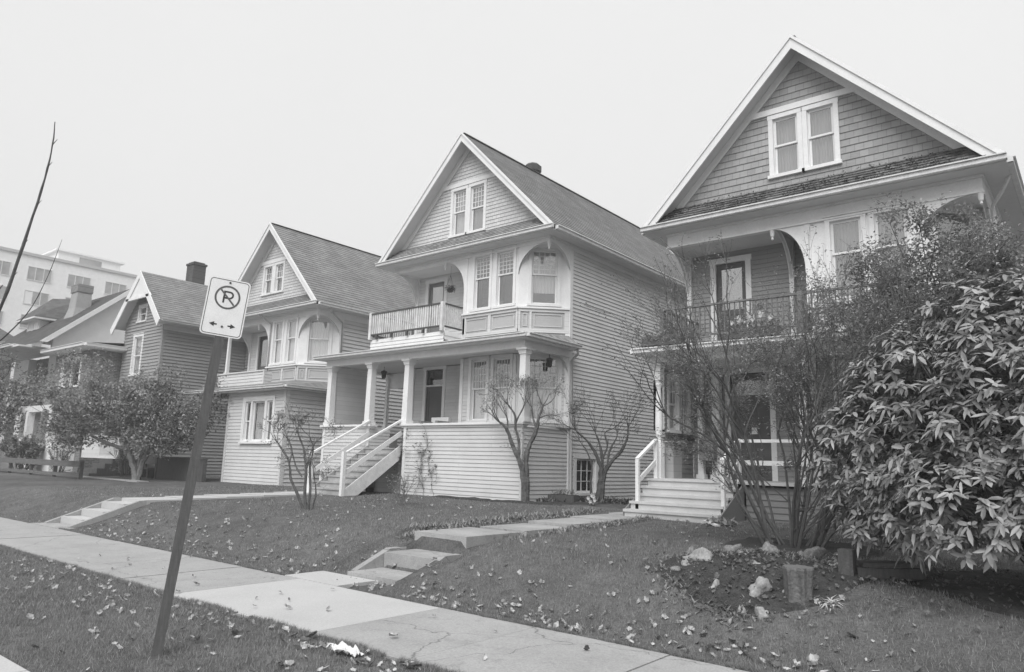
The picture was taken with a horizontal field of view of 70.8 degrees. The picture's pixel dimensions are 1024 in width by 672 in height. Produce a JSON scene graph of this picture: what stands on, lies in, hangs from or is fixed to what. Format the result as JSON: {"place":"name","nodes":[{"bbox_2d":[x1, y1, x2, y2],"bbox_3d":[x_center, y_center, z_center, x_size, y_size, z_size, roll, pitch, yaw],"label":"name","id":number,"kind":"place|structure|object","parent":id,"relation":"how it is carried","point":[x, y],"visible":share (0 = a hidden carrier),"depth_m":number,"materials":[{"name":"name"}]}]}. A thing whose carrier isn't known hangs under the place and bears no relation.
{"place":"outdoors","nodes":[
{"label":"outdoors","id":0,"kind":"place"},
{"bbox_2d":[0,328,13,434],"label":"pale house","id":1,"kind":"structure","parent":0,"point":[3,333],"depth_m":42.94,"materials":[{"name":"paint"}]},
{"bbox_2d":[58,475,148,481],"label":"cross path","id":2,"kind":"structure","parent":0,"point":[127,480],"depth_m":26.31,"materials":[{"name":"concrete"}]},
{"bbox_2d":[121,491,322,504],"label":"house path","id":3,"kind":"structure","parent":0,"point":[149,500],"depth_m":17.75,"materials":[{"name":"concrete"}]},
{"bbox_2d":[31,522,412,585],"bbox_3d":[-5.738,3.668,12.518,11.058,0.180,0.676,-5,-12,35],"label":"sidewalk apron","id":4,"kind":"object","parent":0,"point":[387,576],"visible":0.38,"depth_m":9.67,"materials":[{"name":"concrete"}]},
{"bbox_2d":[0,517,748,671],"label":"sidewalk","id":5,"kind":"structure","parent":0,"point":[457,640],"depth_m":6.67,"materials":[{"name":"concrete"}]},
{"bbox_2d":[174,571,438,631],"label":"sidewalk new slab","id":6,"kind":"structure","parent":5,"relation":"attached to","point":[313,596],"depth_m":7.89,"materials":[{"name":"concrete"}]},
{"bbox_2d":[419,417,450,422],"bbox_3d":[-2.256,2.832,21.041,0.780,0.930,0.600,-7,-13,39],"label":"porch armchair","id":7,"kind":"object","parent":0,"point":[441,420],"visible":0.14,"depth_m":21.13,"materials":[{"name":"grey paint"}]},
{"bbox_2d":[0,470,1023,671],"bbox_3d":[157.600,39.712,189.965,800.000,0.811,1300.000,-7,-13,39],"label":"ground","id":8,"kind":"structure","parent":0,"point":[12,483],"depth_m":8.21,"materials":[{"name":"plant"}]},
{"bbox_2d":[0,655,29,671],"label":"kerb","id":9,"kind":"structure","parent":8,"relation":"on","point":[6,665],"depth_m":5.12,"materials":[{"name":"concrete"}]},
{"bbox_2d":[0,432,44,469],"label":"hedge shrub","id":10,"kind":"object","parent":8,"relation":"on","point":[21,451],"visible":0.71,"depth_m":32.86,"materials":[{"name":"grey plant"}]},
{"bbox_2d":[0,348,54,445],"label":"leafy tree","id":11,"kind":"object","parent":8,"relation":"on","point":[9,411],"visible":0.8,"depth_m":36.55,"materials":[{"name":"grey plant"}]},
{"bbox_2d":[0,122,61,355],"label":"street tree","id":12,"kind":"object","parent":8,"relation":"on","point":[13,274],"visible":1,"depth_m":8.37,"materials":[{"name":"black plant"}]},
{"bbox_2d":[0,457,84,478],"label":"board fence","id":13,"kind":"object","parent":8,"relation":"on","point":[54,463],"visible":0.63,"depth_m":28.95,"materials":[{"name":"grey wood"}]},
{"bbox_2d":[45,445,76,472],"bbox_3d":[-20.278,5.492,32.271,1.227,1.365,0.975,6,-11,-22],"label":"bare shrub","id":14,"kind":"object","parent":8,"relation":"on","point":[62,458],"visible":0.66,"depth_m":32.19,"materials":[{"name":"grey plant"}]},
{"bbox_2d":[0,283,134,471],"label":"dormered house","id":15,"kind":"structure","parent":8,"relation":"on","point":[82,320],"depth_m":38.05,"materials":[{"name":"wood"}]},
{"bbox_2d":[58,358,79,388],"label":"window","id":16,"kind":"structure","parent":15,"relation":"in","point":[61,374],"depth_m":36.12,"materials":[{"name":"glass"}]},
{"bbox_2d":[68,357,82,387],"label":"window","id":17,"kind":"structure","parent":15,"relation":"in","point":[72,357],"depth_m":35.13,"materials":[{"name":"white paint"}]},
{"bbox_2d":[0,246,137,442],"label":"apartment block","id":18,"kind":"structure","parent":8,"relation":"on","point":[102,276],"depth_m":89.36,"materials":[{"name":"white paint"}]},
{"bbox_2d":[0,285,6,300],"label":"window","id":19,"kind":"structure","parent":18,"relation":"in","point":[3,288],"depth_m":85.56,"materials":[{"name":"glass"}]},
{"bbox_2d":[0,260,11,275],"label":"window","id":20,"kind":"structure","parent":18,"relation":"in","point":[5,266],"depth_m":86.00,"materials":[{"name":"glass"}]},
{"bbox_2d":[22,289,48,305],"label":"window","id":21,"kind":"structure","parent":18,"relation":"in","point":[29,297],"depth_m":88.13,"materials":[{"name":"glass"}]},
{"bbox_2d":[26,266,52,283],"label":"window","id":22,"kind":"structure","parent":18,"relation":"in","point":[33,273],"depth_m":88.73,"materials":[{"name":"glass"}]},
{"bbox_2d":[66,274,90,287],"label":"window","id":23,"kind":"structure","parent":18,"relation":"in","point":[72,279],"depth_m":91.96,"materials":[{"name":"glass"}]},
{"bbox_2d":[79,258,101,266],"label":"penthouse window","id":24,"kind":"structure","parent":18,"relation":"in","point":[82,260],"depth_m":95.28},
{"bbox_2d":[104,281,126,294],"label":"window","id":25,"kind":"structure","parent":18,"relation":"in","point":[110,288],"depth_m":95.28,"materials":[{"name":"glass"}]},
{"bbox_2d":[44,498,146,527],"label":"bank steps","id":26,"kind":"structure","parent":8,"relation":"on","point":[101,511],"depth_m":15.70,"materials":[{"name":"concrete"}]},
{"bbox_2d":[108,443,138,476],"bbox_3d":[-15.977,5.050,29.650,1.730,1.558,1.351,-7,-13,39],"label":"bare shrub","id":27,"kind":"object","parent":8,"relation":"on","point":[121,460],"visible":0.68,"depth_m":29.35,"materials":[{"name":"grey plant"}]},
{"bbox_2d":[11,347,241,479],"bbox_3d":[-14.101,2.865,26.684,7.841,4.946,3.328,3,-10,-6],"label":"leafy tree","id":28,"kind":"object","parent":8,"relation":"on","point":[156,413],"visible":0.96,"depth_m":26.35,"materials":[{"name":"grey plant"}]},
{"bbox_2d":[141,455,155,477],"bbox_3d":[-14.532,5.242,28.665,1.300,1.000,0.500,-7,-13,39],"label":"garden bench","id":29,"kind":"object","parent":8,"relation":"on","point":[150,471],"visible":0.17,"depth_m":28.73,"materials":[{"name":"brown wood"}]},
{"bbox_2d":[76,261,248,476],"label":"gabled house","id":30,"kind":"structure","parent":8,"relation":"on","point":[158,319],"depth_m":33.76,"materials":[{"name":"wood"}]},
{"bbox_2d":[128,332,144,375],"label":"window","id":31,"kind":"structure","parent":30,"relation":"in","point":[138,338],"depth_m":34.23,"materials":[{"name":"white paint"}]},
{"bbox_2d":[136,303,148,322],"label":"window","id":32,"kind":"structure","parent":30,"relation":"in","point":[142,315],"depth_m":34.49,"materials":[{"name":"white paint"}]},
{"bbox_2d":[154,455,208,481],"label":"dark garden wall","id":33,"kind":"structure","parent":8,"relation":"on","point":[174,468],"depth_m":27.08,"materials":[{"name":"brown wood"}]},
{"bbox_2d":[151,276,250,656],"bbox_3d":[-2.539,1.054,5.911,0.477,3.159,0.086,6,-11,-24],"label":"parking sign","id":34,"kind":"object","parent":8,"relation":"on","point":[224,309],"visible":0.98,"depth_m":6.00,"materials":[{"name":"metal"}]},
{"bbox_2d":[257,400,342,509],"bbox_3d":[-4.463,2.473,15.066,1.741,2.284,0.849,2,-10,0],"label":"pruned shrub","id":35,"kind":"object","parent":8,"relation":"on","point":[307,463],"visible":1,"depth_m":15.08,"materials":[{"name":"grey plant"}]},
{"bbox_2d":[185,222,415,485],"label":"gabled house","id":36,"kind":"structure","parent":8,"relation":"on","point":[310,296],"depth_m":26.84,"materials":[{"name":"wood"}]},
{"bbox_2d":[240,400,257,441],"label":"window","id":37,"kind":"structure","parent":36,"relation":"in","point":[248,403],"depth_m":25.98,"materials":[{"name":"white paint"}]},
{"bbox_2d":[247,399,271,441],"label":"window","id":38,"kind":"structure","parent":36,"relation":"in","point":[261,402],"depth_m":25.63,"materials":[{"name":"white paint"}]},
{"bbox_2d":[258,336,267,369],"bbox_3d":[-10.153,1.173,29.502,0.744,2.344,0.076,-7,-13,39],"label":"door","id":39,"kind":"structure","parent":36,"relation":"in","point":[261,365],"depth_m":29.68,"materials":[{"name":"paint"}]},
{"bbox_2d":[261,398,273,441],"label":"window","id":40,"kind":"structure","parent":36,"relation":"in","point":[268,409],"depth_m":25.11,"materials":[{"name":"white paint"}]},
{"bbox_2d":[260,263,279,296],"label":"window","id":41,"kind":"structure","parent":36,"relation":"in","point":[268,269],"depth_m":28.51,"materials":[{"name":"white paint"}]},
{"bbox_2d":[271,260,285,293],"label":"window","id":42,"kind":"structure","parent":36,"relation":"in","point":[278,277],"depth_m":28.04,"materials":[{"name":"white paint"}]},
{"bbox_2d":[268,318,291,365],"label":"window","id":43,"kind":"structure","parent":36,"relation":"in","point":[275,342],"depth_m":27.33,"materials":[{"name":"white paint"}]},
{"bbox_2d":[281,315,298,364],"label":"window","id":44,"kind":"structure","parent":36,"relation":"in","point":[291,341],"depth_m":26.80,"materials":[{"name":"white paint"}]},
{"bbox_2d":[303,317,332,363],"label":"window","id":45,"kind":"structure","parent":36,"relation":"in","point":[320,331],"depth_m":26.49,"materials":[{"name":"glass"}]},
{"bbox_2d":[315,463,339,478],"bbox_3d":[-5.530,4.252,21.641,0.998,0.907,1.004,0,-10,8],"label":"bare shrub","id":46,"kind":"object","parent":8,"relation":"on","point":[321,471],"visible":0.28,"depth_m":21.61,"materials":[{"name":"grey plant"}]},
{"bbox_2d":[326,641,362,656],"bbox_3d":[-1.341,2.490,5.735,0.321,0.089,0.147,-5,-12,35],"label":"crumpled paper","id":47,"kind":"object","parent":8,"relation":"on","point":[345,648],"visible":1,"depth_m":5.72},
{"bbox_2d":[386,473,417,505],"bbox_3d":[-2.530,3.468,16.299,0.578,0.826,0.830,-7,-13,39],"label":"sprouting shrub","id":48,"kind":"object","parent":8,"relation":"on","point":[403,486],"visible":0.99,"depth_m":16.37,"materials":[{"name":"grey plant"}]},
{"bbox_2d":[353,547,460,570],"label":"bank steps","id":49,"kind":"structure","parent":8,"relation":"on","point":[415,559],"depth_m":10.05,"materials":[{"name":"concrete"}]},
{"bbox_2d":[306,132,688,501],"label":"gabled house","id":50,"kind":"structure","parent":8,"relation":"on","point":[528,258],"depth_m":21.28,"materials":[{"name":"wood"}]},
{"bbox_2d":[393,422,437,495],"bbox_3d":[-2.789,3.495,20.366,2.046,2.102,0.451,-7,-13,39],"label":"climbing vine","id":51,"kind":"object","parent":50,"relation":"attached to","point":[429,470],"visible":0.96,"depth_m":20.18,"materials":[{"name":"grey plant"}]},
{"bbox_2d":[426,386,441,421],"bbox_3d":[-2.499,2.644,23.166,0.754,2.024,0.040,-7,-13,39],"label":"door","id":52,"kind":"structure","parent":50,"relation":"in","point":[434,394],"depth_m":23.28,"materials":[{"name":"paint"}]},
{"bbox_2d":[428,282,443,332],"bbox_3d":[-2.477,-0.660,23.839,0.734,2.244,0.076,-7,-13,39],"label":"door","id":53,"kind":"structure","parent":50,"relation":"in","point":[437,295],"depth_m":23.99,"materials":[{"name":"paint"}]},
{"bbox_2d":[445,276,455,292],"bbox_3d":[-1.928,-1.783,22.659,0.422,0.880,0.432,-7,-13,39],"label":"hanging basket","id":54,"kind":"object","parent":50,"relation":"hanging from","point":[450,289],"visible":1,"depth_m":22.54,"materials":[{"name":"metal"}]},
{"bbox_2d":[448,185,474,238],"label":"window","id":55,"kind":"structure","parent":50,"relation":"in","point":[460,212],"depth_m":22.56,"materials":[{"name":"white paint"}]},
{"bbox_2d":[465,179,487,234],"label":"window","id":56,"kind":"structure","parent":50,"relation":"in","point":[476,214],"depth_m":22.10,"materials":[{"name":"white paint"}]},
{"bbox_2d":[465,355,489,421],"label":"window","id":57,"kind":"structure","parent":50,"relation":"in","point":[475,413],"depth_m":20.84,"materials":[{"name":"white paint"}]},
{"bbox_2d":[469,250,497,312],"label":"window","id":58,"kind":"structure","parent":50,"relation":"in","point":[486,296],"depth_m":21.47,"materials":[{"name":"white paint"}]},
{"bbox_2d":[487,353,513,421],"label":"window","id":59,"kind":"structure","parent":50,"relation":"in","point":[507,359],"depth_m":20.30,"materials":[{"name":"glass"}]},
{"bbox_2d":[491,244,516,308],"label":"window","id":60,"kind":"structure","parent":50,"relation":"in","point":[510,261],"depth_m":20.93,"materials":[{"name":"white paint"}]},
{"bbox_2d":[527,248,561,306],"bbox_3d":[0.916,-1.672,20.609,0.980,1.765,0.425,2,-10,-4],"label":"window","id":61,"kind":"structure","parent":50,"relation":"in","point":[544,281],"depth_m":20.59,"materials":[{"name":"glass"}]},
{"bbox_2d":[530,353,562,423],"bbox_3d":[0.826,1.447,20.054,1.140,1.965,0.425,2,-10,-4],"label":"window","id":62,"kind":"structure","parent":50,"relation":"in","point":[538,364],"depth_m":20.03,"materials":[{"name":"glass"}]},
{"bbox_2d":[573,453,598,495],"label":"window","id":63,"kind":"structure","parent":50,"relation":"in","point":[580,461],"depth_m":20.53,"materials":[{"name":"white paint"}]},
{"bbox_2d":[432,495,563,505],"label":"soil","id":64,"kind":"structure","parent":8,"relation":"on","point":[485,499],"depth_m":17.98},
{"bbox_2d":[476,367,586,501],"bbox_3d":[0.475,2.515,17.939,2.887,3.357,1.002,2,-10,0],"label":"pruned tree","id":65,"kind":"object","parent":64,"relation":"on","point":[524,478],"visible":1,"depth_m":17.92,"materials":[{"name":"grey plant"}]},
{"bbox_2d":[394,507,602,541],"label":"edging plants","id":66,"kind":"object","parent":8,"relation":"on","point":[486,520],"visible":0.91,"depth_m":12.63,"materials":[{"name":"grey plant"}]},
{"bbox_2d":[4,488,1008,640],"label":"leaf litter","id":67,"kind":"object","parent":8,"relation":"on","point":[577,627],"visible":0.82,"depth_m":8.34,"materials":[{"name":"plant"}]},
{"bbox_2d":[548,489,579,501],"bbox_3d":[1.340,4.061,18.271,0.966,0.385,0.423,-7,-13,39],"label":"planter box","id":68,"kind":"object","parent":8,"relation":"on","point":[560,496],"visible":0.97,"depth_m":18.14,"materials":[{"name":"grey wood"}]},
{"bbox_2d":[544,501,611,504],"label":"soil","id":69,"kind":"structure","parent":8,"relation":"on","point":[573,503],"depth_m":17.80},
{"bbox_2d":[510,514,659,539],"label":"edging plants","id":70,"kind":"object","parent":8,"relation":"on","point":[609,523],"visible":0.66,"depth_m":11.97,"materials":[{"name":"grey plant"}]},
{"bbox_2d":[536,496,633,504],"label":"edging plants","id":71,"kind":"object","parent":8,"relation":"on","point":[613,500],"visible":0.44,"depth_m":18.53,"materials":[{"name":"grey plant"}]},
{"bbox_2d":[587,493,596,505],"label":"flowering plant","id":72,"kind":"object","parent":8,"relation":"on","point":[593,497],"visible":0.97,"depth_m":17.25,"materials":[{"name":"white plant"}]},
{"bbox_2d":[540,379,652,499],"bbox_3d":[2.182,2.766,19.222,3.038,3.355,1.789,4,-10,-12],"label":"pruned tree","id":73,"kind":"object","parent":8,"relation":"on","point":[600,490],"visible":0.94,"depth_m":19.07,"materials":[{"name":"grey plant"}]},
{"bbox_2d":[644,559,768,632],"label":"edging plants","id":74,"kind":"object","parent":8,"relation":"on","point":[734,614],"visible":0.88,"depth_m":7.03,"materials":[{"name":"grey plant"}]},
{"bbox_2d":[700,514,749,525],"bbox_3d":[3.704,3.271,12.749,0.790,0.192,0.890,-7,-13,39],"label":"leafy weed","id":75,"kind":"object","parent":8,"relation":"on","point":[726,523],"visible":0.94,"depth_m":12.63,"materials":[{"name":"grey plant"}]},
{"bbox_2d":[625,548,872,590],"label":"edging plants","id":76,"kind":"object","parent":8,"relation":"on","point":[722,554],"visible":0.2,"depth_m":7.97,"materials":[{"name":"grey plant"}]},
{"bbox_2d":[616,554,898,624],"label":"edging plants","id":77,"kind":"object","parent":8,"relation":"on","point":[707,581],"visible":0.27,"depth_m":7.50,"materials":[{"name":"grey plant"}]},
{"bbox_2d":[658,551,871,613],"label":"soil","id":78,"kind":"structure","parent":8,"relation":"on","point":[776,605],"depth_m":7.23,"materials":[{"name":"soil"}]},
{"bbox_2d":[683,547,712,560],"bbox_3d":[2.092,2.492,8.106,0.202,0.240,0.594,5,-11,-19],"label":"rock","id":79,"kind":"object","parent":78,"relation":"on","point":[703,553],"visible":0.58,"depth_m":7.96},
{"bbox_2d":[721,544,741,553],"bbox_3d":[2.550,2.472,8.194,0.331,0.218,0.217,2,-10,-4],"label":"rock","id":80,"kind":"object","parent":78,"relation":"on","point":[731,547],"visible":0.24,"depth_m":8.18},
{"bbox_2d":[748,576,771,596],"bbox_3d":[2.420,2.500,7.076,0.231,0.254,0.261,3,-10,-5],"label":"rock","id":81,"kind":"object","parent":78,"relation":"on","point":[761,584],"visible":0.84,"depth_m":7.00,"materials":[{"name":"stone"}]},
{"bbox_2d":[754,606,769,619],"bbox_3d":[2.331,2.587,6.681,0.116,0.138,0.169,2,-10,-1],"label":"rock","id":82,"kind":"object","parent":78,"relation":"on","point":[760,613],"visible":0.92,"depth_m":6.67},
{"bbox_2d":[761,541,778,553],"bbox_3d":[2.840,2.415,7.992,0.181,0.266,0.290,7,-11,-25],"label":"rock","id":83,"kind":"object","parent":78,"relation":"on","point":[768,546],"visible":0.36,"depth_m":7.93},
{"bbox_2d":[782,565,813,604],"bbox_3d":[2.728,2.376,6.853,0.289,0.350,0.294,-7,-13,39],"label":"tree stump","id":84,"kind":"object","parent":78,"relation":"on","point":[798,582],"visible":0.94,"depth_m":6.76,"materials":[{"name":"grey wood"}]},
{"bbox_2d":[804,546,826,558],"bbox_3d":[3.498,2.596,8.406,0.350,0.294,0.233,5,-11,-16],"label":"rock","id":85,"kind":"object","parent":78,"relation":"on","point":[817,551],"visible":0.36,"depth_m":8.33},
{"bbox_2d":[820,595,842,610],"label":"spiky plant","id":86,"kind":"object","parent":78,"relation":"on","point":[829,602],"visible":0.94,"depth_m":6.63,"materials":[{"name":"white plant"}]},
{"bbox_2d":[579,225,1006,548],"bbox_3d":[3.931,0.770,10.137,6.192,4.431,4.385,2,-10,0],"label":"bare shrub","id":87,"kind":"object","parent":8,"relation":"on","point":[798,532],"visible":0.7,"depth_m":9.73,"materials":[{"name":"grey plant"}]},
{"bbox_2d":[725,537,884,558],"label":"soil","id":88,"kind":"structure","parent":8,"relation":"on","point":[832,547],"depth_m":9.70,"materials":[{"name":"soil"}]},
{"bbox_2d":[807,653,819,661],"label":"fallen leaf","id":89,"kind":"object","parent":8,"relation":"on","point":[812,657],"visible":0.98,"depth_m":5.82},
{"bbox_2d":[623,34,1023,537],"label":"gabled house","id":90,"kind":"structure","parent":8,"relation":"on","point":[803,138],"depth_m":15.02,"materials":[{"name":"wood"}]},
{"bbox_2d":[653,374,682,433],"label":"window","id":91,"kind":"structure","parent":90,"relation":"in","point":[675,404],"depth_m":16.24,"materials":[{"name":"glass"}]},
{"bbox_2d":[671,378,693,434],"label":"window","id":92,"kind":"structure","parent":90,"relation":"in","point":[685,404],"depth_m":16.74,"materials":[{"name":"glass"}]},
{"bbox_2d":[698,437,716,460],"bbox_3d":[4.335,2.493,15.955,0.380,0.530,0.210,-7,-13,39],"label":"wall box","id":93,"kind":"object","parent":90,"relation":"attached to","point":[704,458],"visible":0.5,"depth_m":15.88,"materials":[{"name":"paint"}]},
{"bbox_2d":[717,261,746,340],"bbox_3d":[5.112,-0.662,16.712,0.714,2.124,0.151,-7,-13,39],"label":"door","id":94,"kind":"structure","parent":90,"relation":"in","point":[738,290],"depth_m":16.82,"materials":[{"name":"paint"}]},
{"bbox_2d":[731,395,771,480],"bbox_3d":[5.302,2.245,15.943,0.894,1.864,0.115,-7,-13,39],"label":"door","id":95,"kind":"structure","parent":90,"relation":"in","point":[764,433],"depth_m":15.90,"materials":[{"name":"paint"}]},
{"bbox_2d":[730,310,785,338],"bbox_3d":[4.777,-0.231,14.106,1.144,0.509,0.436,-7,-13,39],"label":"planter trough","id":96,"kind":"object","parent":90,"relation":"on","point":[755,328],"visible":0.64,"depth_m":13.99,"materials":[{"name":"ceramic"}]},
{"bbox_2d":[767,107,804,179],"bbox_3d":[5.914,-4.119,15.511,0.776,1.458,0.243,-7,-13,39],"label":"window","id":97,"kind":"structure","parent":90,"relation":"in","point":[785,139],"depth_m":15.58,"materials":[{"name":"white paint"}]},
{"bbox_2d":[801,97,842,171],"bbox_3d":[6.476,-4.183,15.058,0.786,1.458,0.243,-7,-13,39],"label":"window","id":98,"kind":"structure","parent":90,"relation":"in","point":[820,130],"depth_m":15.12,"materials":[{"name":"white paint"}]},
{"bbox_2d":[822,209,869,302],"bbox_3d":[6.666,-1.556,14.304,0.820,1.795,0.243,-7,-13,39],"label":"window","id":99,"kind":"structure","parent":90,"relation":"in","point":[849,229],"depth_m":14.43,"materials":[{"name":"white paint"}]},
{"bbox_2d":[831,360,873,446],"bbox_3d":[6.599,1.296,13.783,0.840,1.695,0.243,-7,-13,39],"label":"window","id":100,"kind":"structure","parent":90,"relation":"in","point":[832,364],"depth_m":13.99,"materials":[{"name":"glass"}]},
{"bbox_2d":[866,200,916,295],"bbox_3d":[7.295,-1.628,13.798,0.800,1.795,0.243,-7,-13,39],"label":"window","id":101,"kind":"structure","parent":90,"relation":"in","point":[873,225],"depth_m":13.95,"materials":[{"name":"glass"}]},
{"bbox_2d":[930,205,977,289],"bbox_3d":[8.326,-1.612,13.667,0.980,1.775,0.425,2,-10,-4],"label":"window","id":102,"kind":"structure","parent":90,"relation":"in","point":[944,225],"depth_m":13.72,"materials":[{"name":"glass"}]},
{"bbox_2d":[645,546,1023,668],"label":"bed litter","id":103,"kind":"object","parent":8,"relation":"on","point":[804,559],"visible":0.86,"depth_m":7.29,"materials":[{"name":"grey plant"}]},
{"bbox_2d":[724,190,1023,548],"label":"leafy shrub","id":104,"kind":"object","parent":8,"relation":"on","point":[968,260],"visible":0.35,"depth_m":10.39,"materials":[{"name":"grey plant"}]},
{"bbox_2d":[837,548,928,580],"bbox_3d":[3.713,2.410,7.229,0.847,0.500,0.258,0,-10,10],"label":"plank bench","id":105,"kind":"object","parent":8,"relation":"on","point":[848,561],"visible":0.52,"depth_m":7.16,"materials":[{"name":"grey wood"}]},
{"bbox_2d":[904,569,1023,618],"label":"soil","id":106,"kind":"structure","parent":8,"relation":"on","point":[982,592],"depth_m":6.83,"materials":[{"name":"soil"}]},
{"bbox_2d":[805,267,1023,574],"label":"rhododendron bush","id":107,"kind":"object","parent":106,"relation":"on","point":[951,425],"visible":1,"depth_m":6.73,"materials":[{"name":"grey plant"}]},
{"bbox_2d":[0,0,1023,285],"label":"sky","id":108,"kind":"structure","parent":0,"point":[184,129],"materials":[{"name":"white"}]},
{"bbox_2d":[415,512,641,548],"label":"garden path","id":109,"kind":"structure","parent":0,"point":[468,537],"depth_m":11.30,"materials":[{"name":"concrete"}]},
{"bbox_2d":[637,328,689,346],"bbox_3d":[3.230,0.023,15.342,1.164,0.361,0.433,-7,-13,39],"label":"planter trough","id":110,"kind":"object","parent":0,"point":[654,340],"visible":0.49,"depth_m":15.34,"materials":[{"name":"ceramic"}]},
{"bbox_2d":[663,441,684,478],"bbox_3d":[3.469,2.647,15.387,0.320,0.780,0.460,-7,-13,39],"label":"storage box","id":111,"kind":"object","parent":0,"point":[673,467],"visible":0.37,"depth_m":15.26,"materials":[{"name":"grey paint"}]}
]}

########

Instructions to follow: Show every line of the data that includes the string "outdoors".

Response to the task:
{"place":"outdoors","nodes":[
{"label":"outdoors","id":0,"kind":"place"},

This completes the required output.